New tech tracks space debris
Application aids analysts in pinpointing potential collision risks.
Computing the complex orbital trajectories of spacecraft and space debris no longer requires the use of powerful supercomputers. A firm based in Lanham, Md., is using its own software and a computing cluster to model and predict the path of space debris and satellites for its U.S. government customers.
The company, A.I. Solutions, supports most of NASA’s satellite operations at the Goddard Space Flight Center. The company also conducts analyses for NASA prior to satellite launches. Other clients include the Air Force’s GPS program and collision avoidance work for rocket launches at the Kennedy Space Center in Florida. The company uses its FreeFlyer software application to provide satellite mission analysis. The firm teamed with Microsoft to combine FreeFlyer with the computing giant’s HPC tool.
According to Dave Rand, A.I. Solutions’ technology domain lead, FreeFlyer can perform debris modeling calculations, but only for one object or interaction per analysis. Combining it with Microsoft’s HPC tool permits the application to perform thousands of simultaneous orbital calculations. The software was combined to support NASA requirements to examine the long-term implications of the low orbit debris cloud created by the 2007 Chinese anti-satellite test, he said.
The company used the tool to map the trajectories of some 2,000 objects in the debris cloud. The first test of the system modeled the cloud out to 20 years and a second test predicted the cloud’s orbital path out to 100 years.
Orbital debris poses a serious threat to spacecraft. However, in the past, in-depth modeling and analysis was done only for manned space missions. A.I. Solutions' effort is the first time such an in-depth approach has been attempted for satellites. “The difference in what we did and what has been done to date is that what we did can really be considered high fidelity. When I say that, I mean we modeled each individual piece, and we modeled it very accurately in terms of its drag profile, in terms of how it’s going to come down through the atmosphere,” he said.
To track the debris, the company accessed data provided to NASA from U.S. Strategic Command. Rand added that previous attempts at debris modeling also did not benefit from access to high fidelity Defense Department data.
Lauri Kraft Newman, NASA’s robotic conjunction assessment manager at the Goddard Space Flight Center Robotic Systems Protection Office, said that agency analysts use the company’s FreeFlight application to pinpoint potential collisions. The software generates a risk analysis of any close encounter with an object in orbit. The data is then passed on to a human analyst for final consideration. NASA Goddard’s analysts track satellite conjunctions seven to 10 days in advance to provide several days advance notice in case an evasive maneuver is necessary.

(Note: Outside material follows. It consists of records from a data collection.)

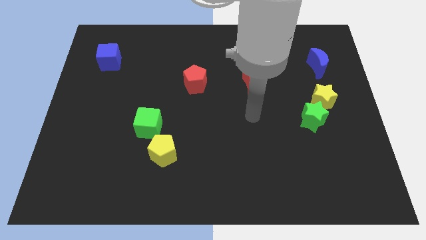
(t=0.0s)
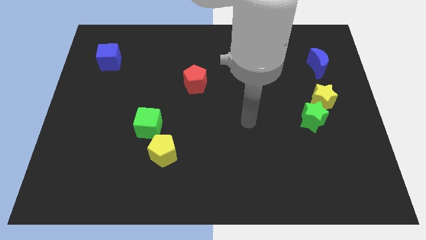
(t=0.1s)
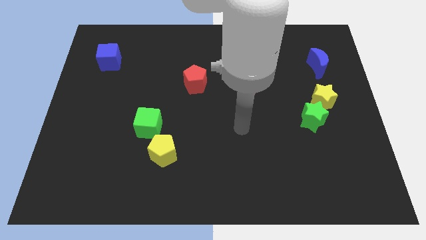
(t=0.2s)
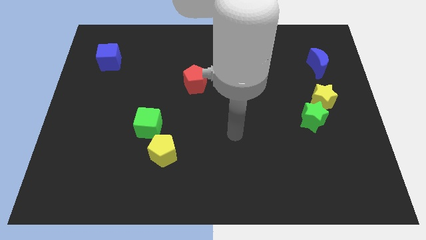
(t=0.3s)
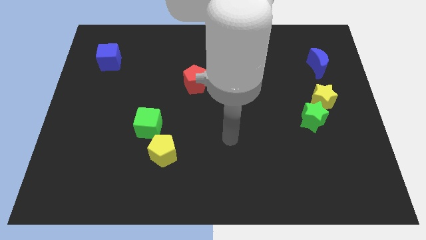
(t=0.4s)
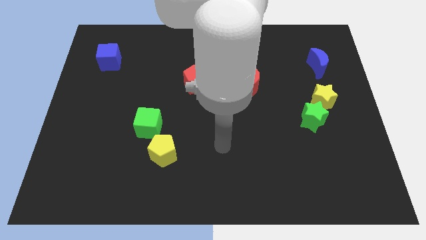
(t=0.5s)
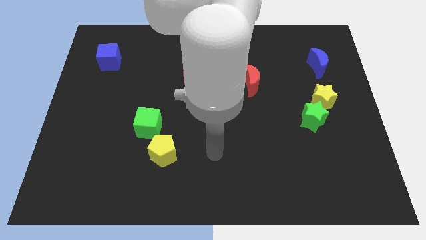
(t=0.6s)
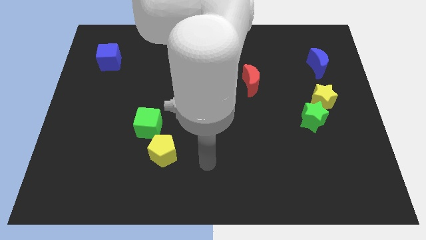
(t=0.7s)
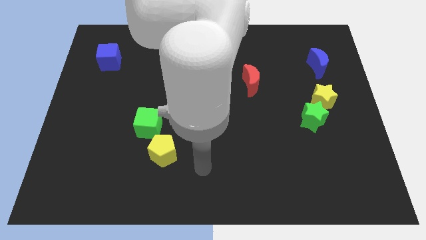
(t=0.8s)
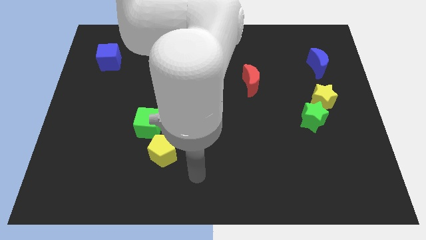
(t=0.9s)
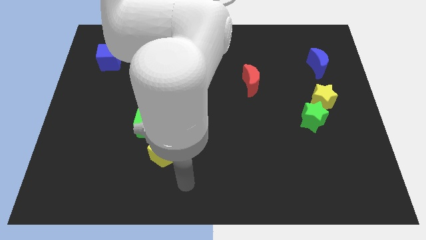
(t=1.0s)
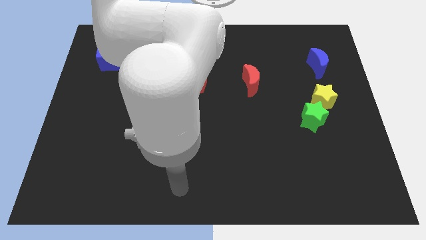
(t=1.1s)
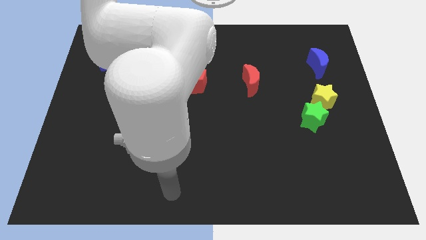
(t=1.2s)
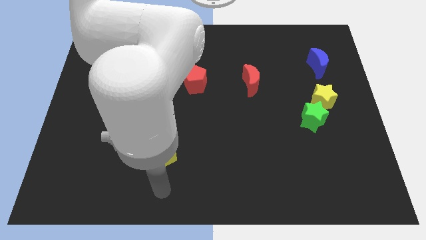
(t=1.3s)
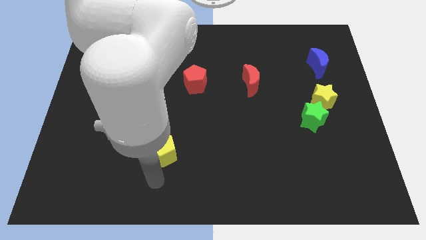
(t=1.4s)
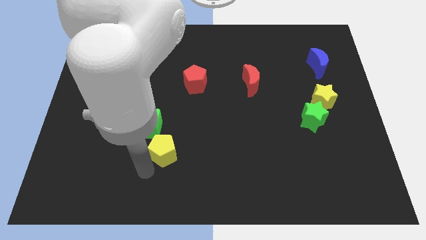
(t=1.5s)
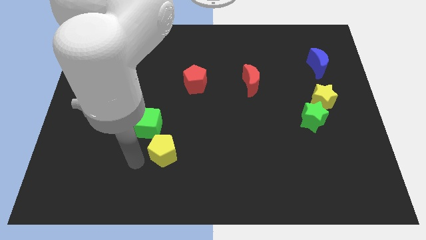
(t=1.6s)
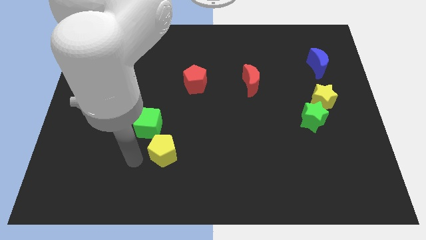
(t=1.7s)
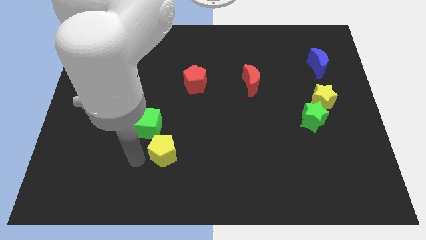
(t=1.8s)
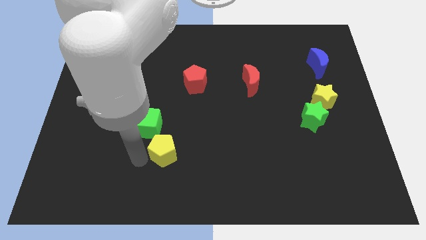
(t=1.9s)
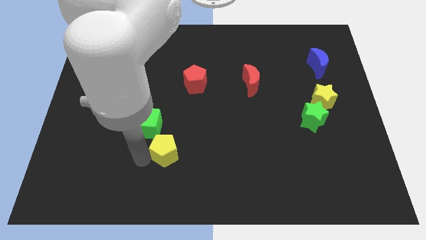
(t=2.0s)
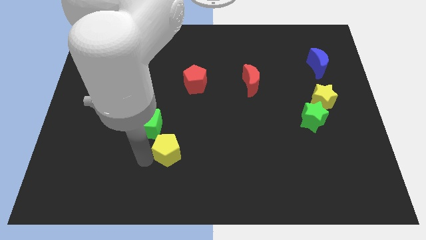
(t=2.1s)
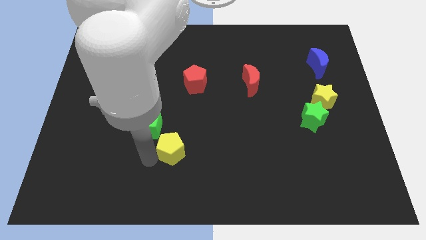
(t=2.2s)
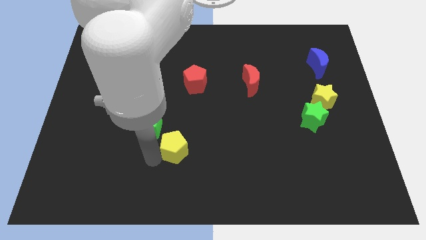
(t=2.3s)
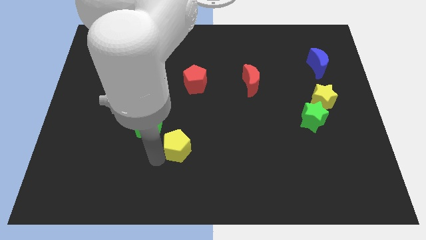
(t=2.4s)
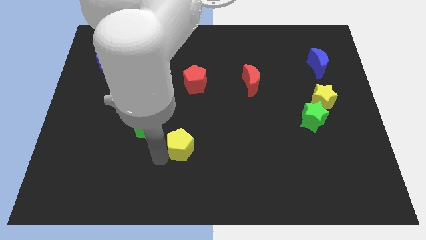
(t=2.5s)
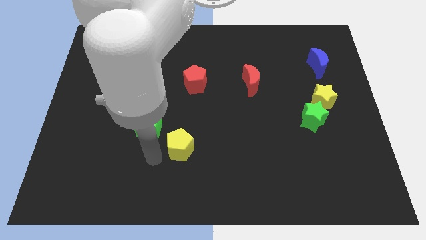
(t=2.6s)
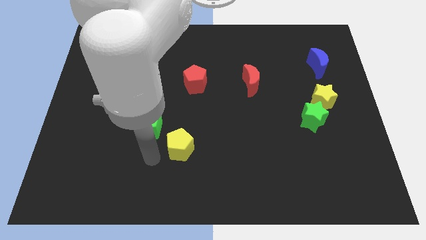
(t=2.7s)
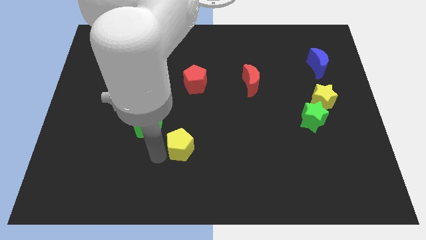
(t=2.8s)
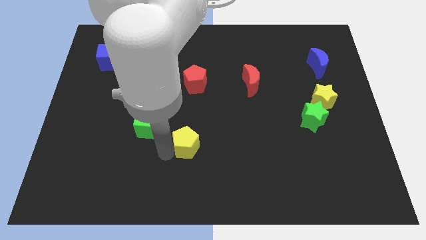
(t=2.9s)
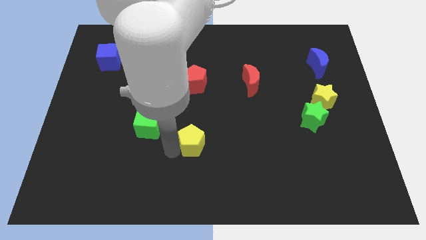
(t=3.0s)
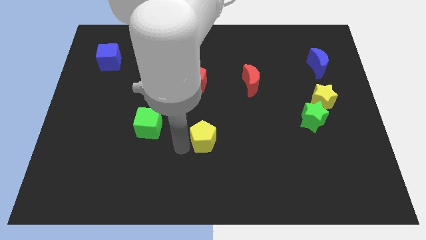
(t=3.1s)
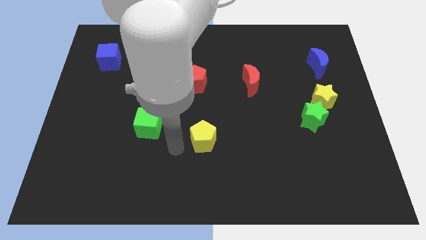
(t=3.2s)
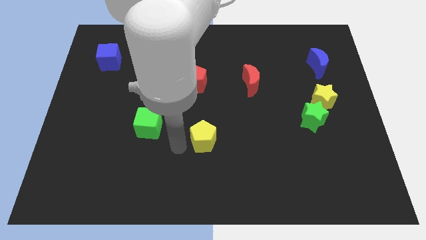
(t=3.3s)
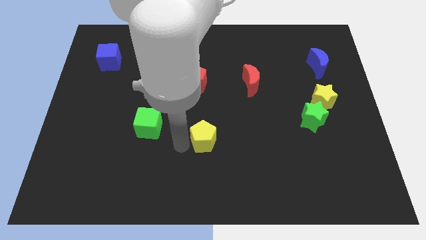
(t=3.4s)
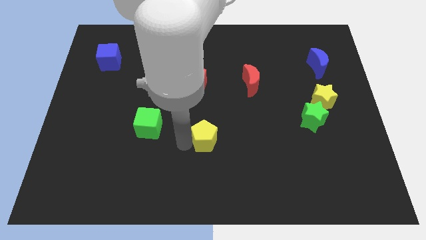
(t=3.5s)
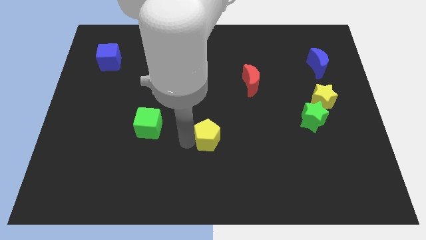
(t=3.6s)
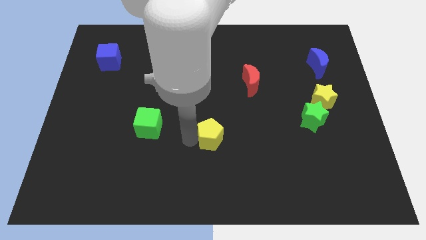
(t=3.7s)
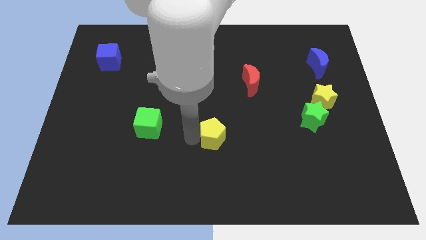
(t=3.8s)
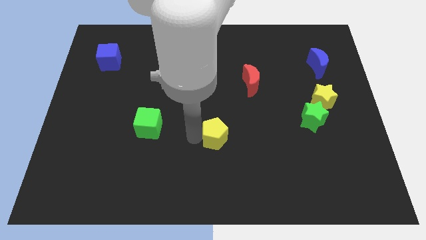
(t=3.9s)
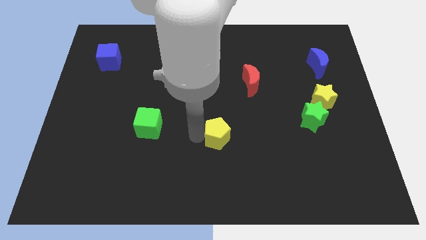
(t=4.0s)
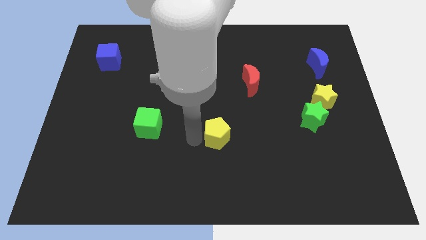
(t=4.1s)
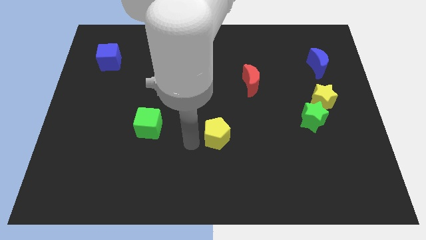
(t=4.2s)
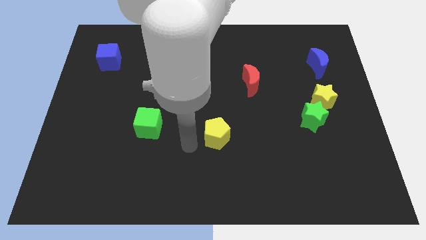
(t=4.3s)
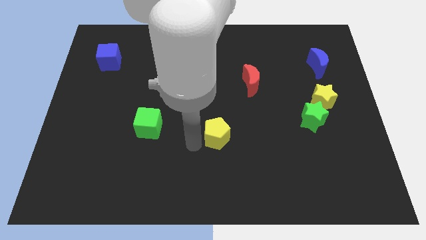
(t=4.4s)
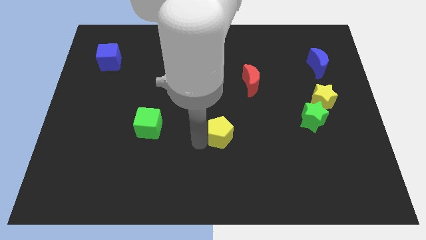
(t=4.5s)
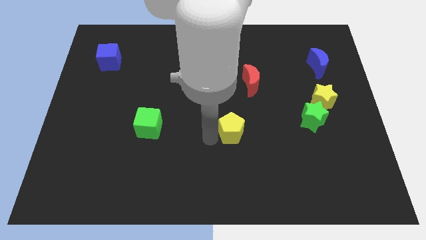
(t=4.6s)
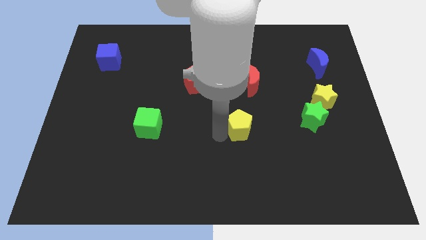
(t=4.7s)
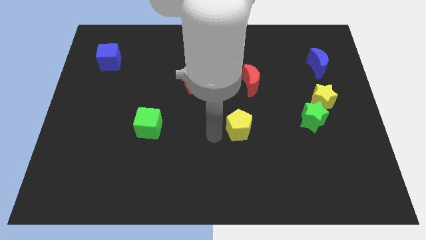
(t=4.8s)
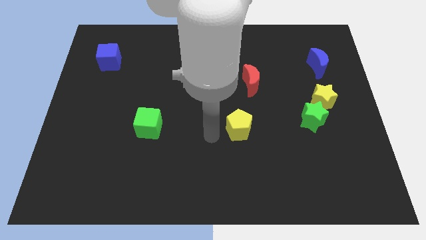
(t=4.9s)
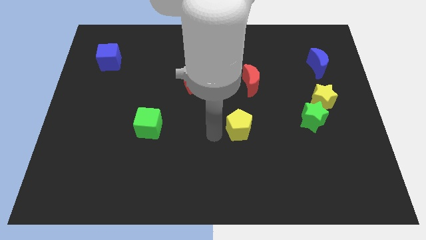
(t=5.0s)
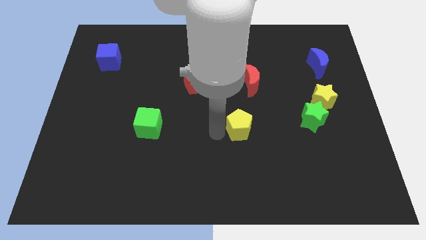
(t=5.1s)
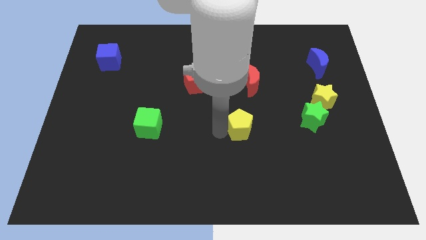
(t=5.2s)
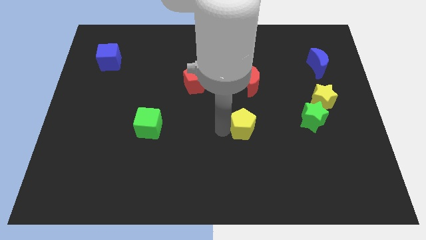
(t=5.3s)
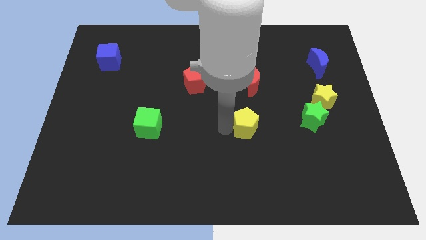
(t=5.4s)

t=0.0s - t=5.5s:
move the yellow pentagon left of the green star

She said that the company’s debris cloud modeling capability was also recently used to plot material created by the collision of two communications satellites, Iridium 33 and Cosmos 2251, in February 2009.
The company conducted this work without the use of specialized computers. Rand said that A.I. Solutions self-funded the initial work on the modeling capability by building its own computer to run the software. “We literally built our own cluster. It’s really very modest,” he said.
Rand said the hardware for specialized computing has become smaller, cheaper and more powerful. “It doesn’t take a lot of hardware and resources to do this any more. You don’t have to have a 1,000-core computer to do this, it can be 10 cores. The new hardware coupled with the software that automates it really gets you a long way,” Rand said. He cautioned that the system is still experimental and used for in-house research work and some emergency backup work.
The software is still maturing. Rand said that the company is improving the technology and added that the anti-satellite work was a pilot effort. Rand explained that the software is useful in jobs where a great deal of analysis must be conducted quickly. In its support role for NASA, the company maps the orbital outcomes for individual spacecraft. The software allows planners to run multiple scenarios over time to track the outcome of the vehicle’s mission.
“Instead of propagating thousands of things one time, we propagate one thing a thousand times,” he said.
This type of collision avoidance analysis has been conducted for decades. But the technology now allows this work to be conducted more often, less expensively and in more detail. Rand said that customers such as NASA are becoming more accustomed to having this analysis capability for their spacecraft.
The debris analysis software also saves time. Before the software and the HPC cluster, an orbital debris analysis would take about 30 days. With the cluster, the work is now done in about three days, providing the customer with a fast, cost effective turn around, he said.